The idea was presented to Colin Rose as an essay. The BBC still has some parts of its old culture in place – you can appeal to the thinker in there occasionally. He wanted it longer so I introduced the thought of working in some live action. Then it got shorter again but the live action idea stayed with me. The essay dealt with the notion that a society can suffer as much from a failed and bankrupt epistemolgy as from outright injustice. I was intent on making a group of films about modern knowledge which showed that, within the intellectual mainstream of our present culture, there are special areas which are like port holes through which we can glimpse other ways of reckoning and knowing the world. I chose the Heisenberg Uncertainty Principle as the first “port hole”. I had a scientific education I suppose, if it could be called education, which provides me with a little maths and some science; enough anyway to find the Heisenberg stuff quite scary and enlightening at the same time. I wrote and filmed the black and white sequences on an old Arri ST and imported them into my glass plates system by back projection. I have tried to create a movie within a painting. The poor quality of the movie-within material helps to move the time of the film back to the early thirties when Heisenberg’s principle first found its way into physics and keeps it visually back in the film, so it doesn’t take pride of place in the final effect.
The movie-within shows a girl on a beach and a group of students in a classroom. They are all students of (very simplified) quantum physics. The girl on the beach is able to make the imaginative move to a new view of the world which is implied by the formula, while the students and their enthusiastic teacher get themselves in a mess. This “story” is set within the space of my rig which I treat now as if it were an enhanced sort of canvas. The space and paint in this enhanced space are employed as a working image of the world the way it might be experienced by the girl.
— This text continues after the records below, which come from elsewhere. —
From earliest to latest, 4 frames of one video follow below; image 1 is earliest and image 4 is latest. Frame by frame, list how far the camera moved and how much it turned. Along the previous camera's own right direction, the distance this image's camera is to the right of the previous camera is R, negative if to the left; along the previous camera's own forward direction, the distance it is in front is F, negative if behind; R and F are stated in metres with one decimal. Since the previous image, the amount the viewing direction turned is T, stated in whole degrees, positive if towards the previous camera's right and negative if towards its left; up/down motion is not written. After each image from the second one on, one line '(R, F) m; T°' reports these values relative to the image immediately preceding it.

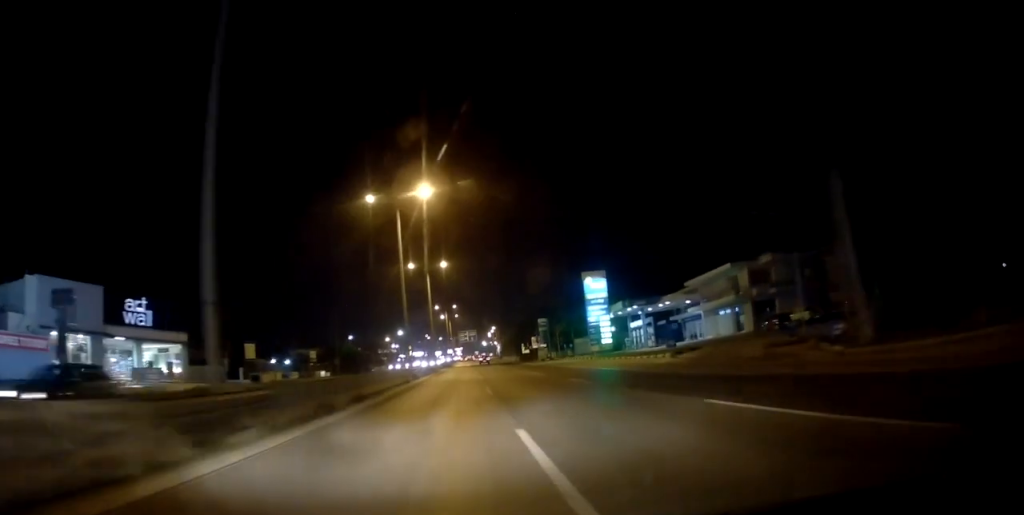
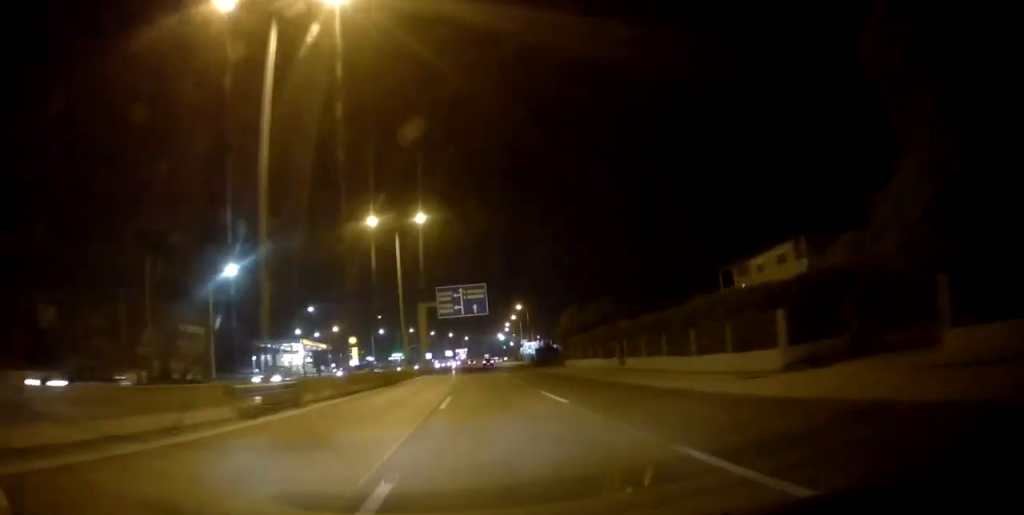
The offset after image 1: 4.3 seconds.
(-1.8, +121.4) m; -1°
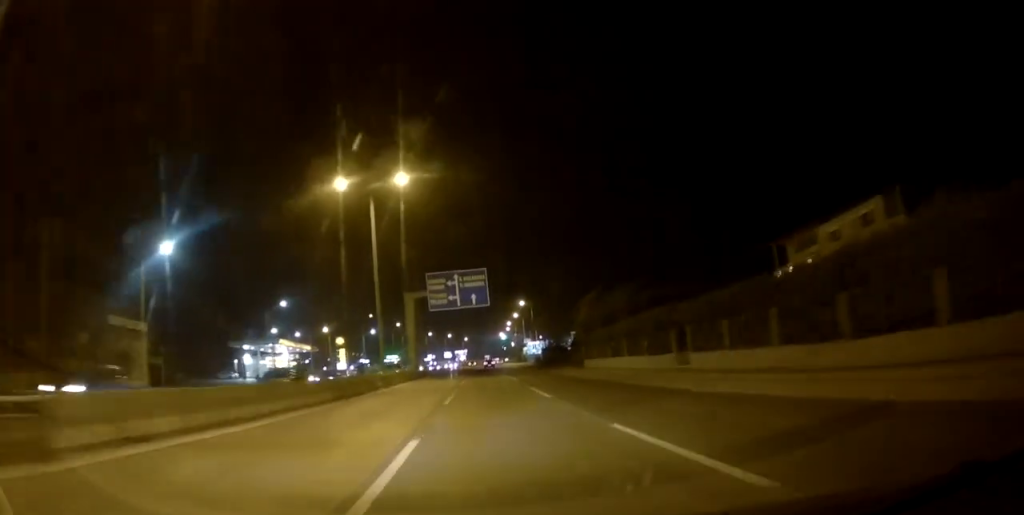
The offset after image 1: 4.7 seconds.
(+0.1, +11.4) m; 0°
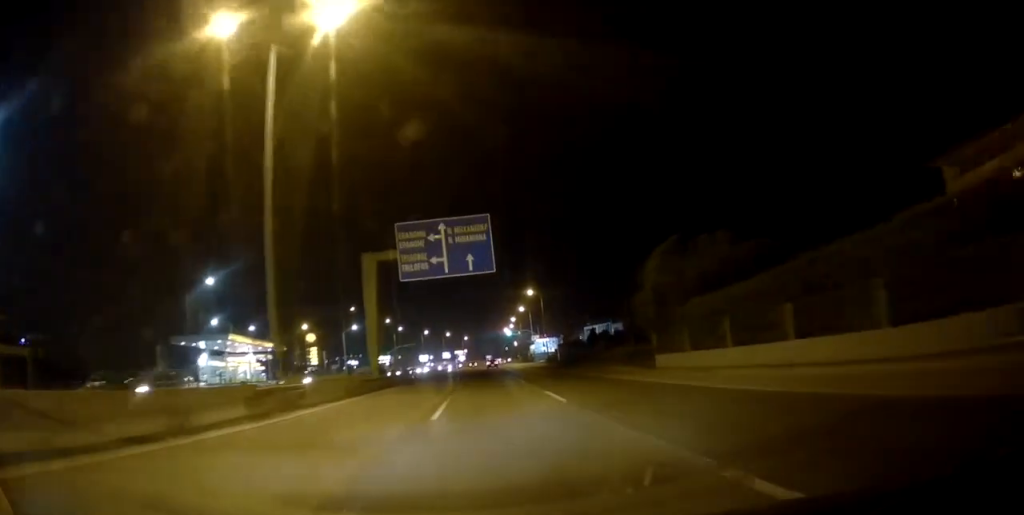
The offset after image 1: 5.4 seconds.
(-0.3, +19.8) m; 0°
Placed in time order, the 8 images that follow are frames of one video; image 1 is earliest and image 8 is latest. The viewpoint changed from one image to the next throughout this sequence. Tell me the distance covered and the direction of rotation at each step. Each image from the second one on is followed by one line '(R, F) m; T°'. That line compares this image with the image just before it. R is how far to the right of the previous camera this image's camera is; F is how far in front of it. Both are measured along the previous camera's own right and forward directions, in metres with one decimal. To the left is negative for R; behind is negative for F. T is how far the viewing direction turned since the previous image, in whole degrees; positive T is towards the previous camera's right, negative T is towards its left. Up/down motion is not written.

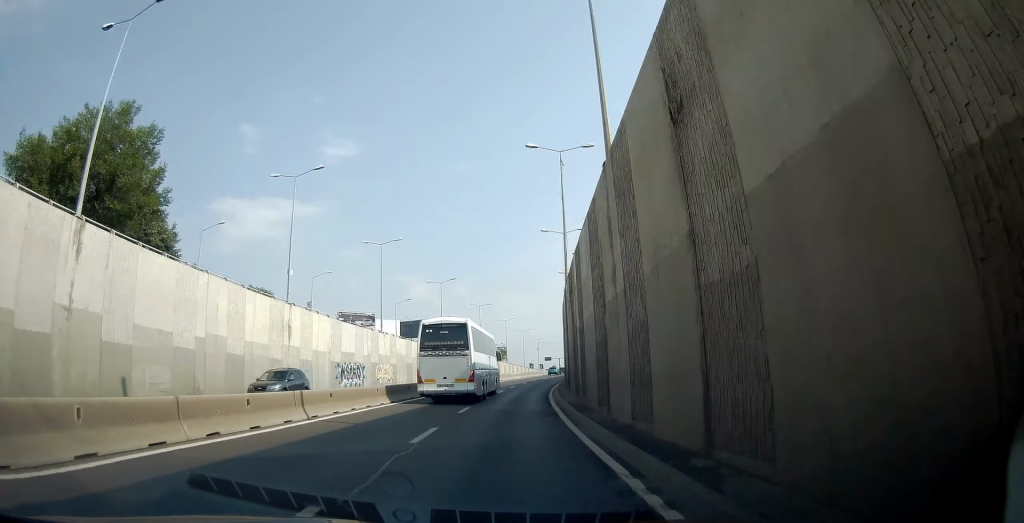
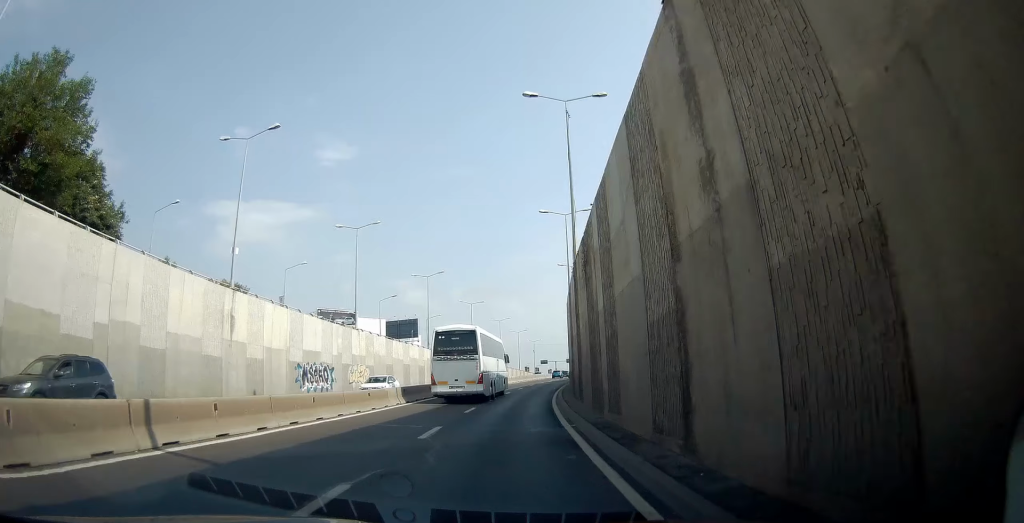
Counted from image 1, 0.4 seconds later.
(-0.1, +7.1) m; +2°
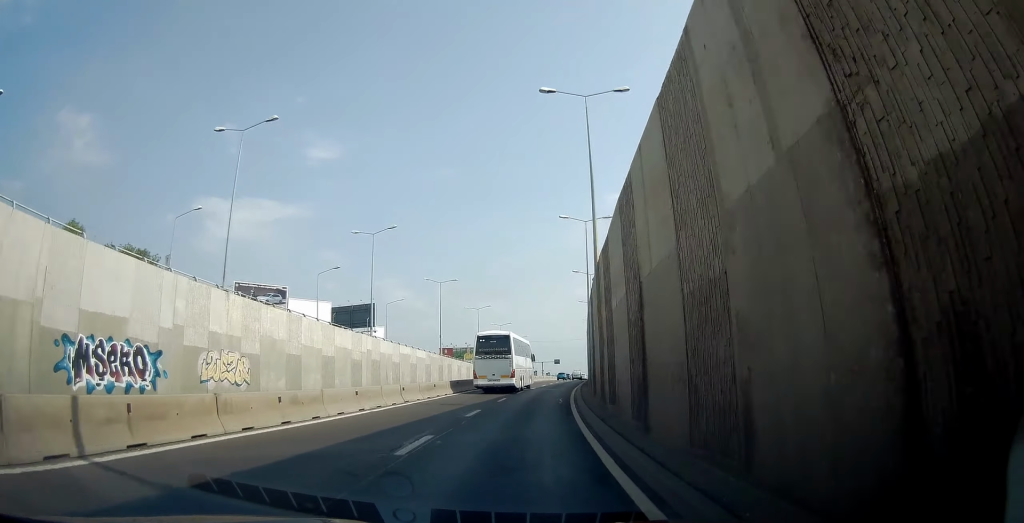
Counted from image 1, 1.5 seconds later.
(+1.1, +20.3) m; +6°
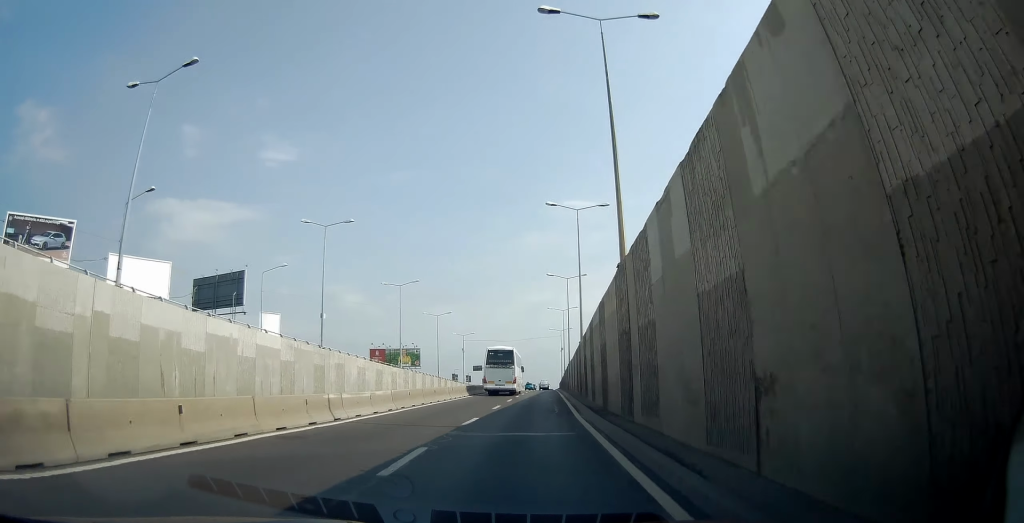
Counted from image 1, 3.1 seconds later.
(+0.1, +28.3) m; 0°
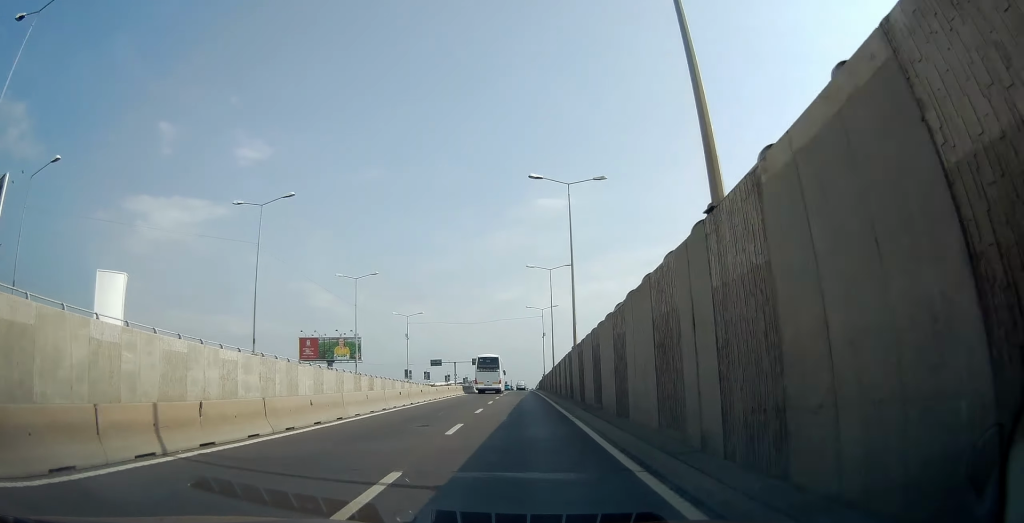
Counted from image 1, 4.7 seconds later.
(+2.3, +30.5) m; +12°
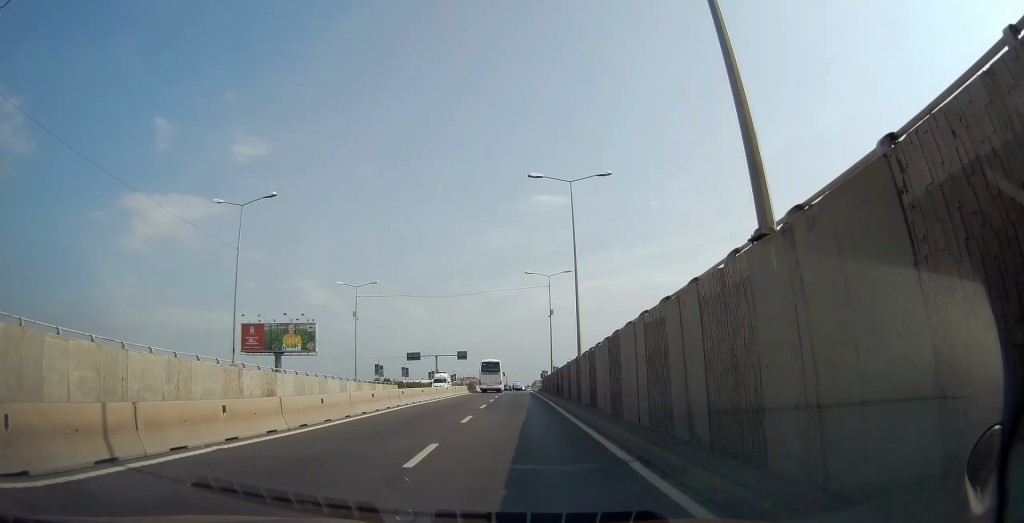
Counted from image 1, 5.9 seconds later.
(+0.1, +23.8) m; -4°
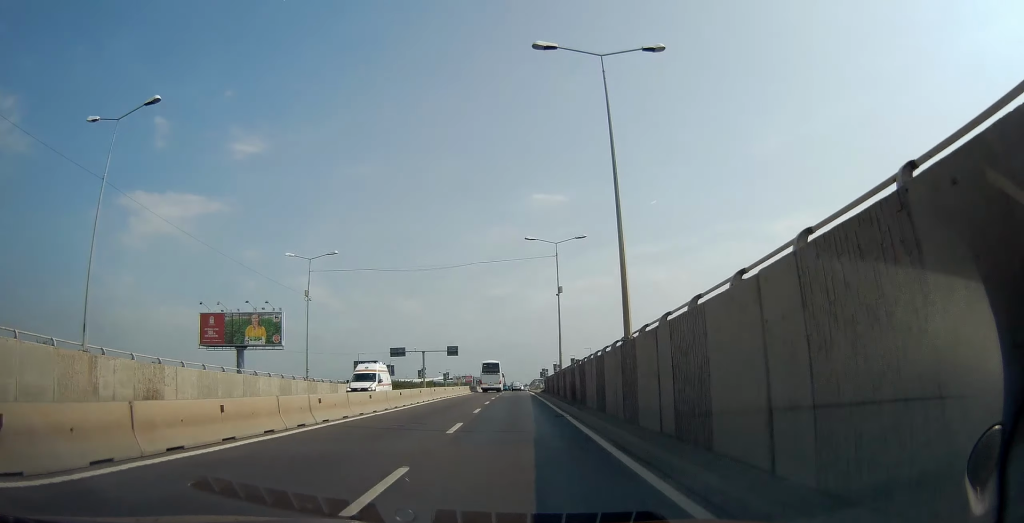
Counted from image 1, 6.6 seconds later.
(-1.0, +12.3) m; -3°
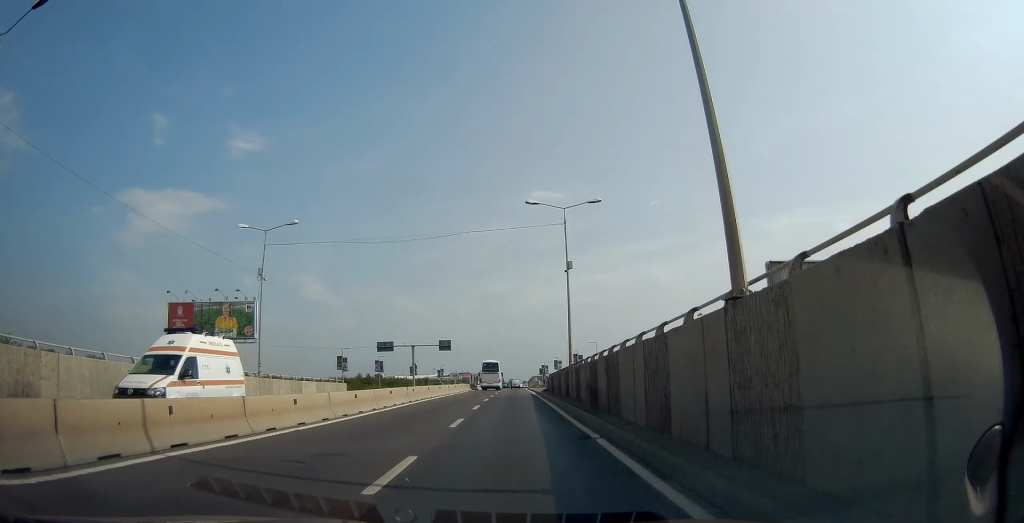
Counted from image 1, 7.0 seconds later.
(0.0, +8.2) m; 0°

The audience see the film within the space of the moving/living painting and at the end the girl joins the audience in that space; she looks out at us as we look in.
Painting expects a good deal of proactivity in its audience, an audience reaction more like an interrogation than consumption, (more like life than shopping) which is regarded as a little presumptuous of an art form nowadays of course, and very bad for business. The preparation which audiences need in order to understand TV and movies is more implicit, even denied, buried as it is in the visual and epistemological ideology of the present time. Consequently there are things film cannot say because of the trust people now put in it. I wanted to make something like a movie but which operated like a painting so I could say something people might expect painting to attempt, but not film. Photography and Painting can work for each other like this. Film is bemused by mimesis, sort of tongue tied. Painting is sidelined by film, yet it has access to a much more sophisticated visual tradition than film. Film’s sophistication is in the things it portrays – its content. It is innocent about its means. Painting has been obliged by Photography to investigate itself very closely and now has no secrets to itself.
In the overlap of these great Arts is where I put my pieces.